TRY IT: The result should be an exact copy of the lines from the one with "STEP (ISO 10303-21)" through the last line of the data below, both included.

Segment Open

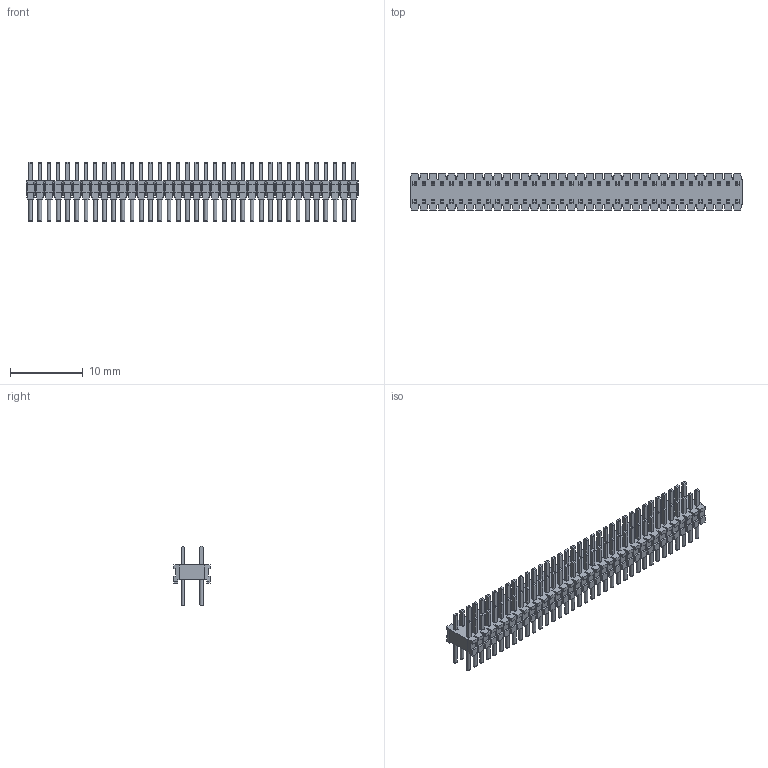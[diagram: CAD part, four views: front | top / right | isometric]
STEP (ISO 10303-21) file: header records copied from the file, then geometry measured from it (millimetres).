
FILE_DESCRIPTION(('FreeCAD Model'),'2;1');
FILE_NAME('Open CASCADE Shape Model','2025-01-09T14:59:56',(''),(''), 'Open CASCADE STEP processor 7.8','FreeCAD','Unknown');
FILE_SCHEMA(('AUTOMOTIVE_DESIGN { 1 0 10303 214 1 1 1 1 }'));
Length unit declared in the file: millimetre
Products named in the file (2): TMS-136-D_header; T-1M6-36-02-D
Bounding box: 45.72 x 4.98 x 8.13 mm (x, y, z)
Volume: 586.7 mm3; surface area: 2428.3 mm2
Topology: 2 solids, 2 shells, 2324 faces, 6812 edges, 4492 vertices
Faces by surface type: plane 2252, cylinder 72
Full cylindrical faces by diameter (mm): 0.508 x72
Entity records: 76100 total; most frequent: CARTESIAN_POINT 13701, ORIENTED_EDGE 13624, DIRECTION 11826, EDGE_CURVE 6812, LINE 6304, VECTOR 6304, VERTEX_POINT 4492, AXIS2_PLACEMENT_3D 2761

Segment Closed

EXPECTED ANSWER:
STEP (ISO 10303-21) file: header records copied from the file, then geometry measured from it (millimetres).
FILE_DESCRIPTION(('FreeCAD Model'),'2;1');
FILE_NAME('Open CASCADE Shape Model','2025-01-09T14:59:56',(''),(''), 'Open CASCADE STEP processor 7.8','FreeCAD','Unknown');
FILE_SCHEMA(('AUTOMOTIVE_DESIGN { 1 0 10303 214 1 1 1 1 }'));
Length unit declared in the file: millimetre
Products named in the file (2): TMS-136-D_header; T-1M6-36-02-D
Bounding box: 45.72 x 4.98 x 8.13 mm (x, y, z)
Volume: 586.7 mm3; surface area: 2428.3 mm2
Topology: 2 solids, 2 shells, 2324 faces, 6812 edges, 4492 vertices
Faces by surface type: plane 2252, cylinder 72
Full cylindrical faces by diameter (mm): 0.508 x72
Entity records: 76100 total; most frequent: CARTESIAN_POINT 13701, ORIENTED_EDGE 13624, DIRECTION 11826, EDGE_CURVE 6812, LINE 6304, VECTOR 6304, VERTEX_POINT 4492, AXIS2_PLACEMENT_3D 2761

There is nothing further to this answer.